# Core Concepts in Graphina
Graphina is designed to be fast, memory-efficient, and easy to use, but coming from dynamic libraries like NetworkX, some concepts might be new.
## Graph Types
Graphina provides two primary graph structures, both of which are generic over node attributes (`A`) and edge weights (`W`).
* `Graph<A, W>`: An undirected graph. Edges have no direction; `add_edge(a, b, w)` effectively connects $a \leftrightarrow b$.
* `Digraph<A, W>`: A directed graph. Edges go from source to target. `neighbors(u)` returns only outgoing neighbors (successors).
## Strongly Typed Data
Unlike Python where a graph can hold mixed types (like strings, ints, objects), Graphina graphs are strongly typed.
```rust
// A social network: Nodes are people (String), Edges are relationship strength (f64)
let g = Graph::<String, f64>::new();
// A road map: Nodes are intersections (Point struct), Edges are distances (u32)
let g = Graph::<Point, u32>::new();
```
This design allows Graphina to optimize memory layout and guarantee data consistency at compile time.
## References via NodeId
In NetworkX, the node *value* (like "Alice") is often the identifier.
In Graphina, adding a node transfers ownership of the data to the graph and returns a `NodeId`.
```rust
let id = graph.add_node("Data");
```
This `NodeId` is a lightweight handle (essentially an integer index) that permits $O(1)$ access to the node.
You use this ID for all subsequent graph operations:
* Creating edges (`graph.add_edge(id1, id2, ...)`)
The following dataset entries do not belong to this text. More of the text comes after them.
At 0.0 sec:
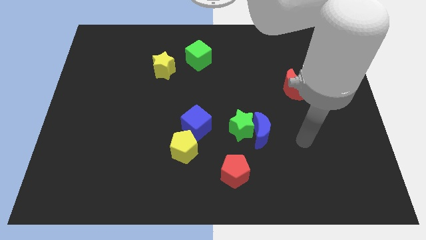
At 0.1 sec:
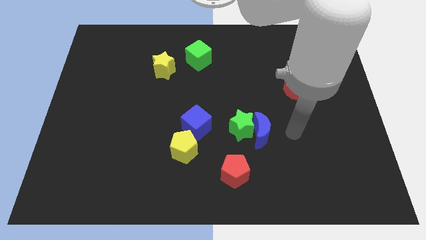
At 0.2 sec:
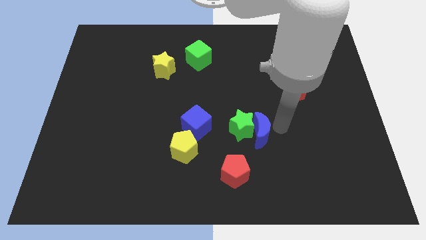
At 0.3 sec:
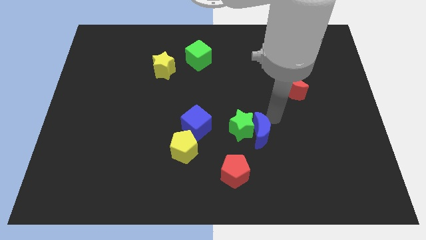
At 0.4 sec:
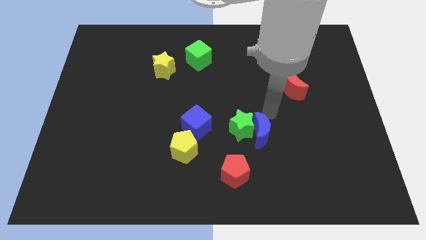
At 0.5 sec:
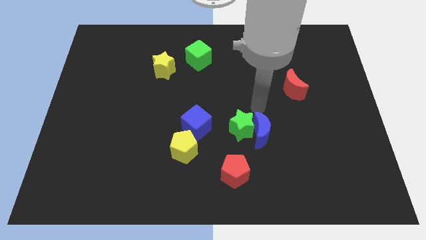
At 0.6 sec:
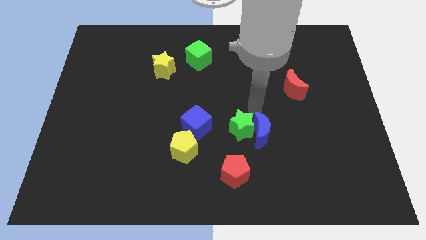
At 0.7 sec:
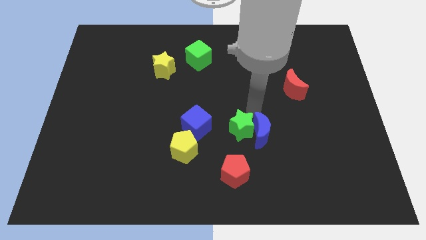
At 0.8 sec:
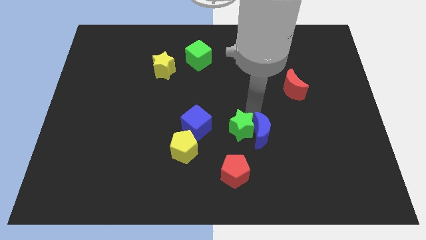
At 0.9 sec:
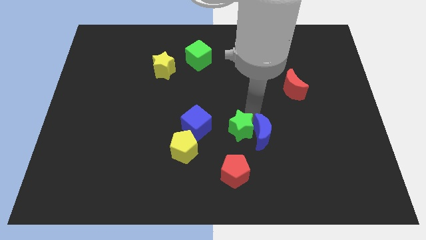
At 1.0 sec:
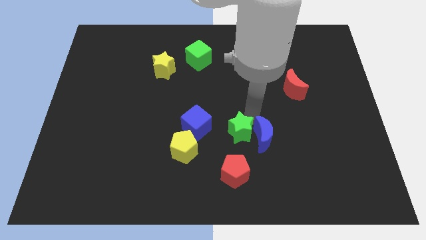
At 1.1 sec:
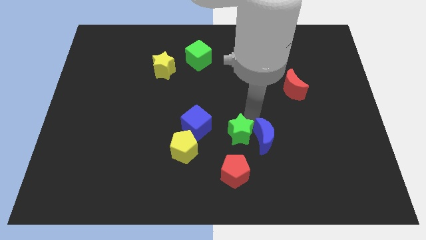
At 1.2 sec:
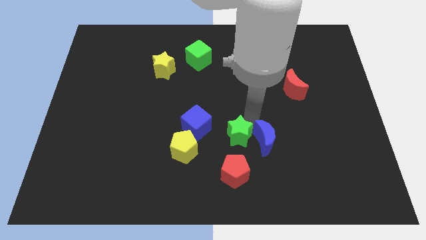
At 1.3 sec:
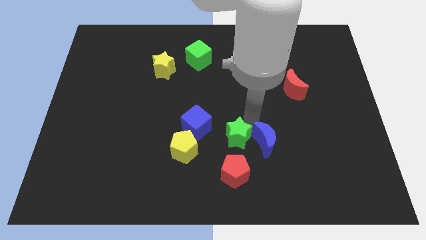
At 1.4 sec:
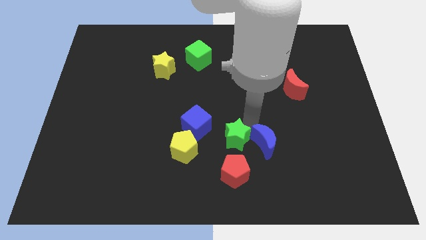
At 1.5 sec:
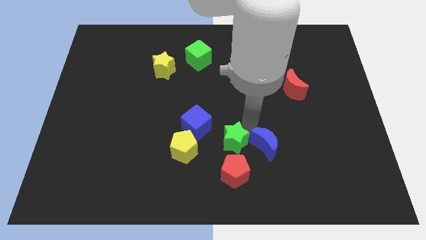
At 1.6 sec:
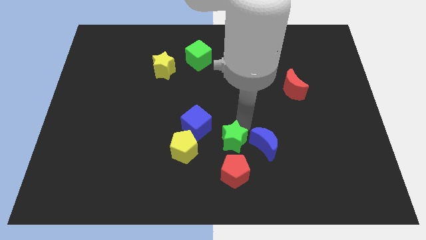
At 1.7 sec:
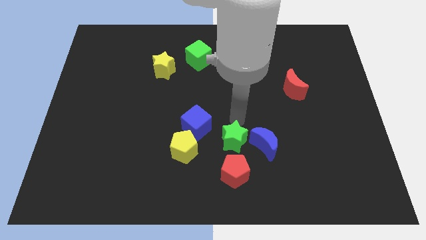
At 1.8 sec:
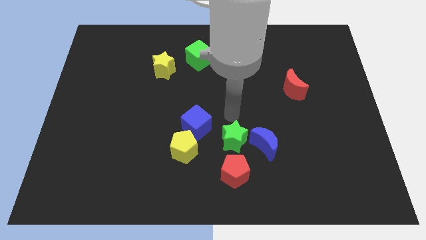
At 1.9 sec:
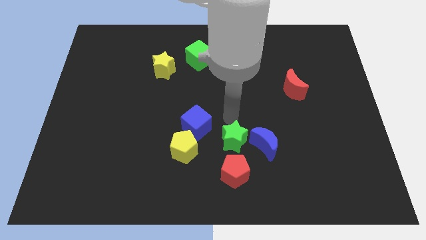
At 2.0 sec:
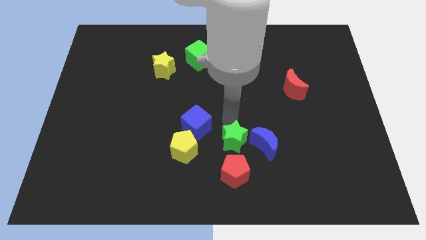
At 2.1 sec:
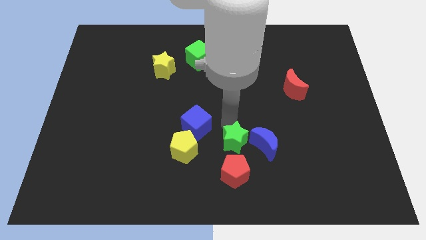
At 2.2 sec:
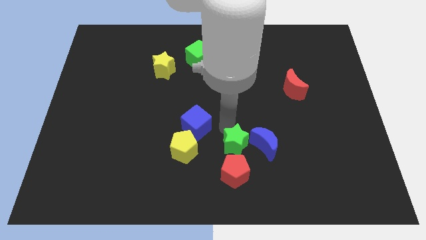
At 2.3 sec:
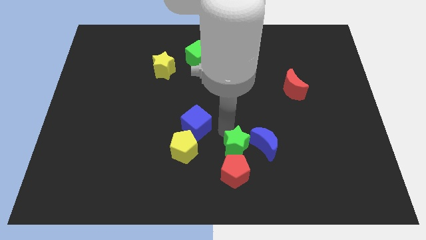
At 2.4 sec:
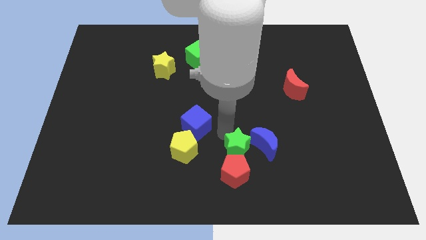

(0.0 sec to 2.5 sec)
push the green star to the red pentagon

* Querying neighbors (`graph.neighbors(id1)`)
* Algorithms (`pagerank(&graph, ...)`)
## The `try_` API vs Option/Result Returning Methods
Graphina offers two styles of interaction for mutative operations:
Use the `try_` variants or `Option/Result` returning methods for robustness:
* `graph.remove_node(...)` -> Returns `Option<A>`.
* `graph.try_remove_node(...)` -> Returns `Result<A, GraphinaError>`. Recommended for production applications where you need to handle errors or propagate them via `?`.
## Performance
Graphina wraps `petgraph`'s `StableGraph`, meaning:
* Fast Lookups: Nodes and edges are stored in vectors.
* Stability: Removing a node does not invalidate the `NodeId`s of other nodes.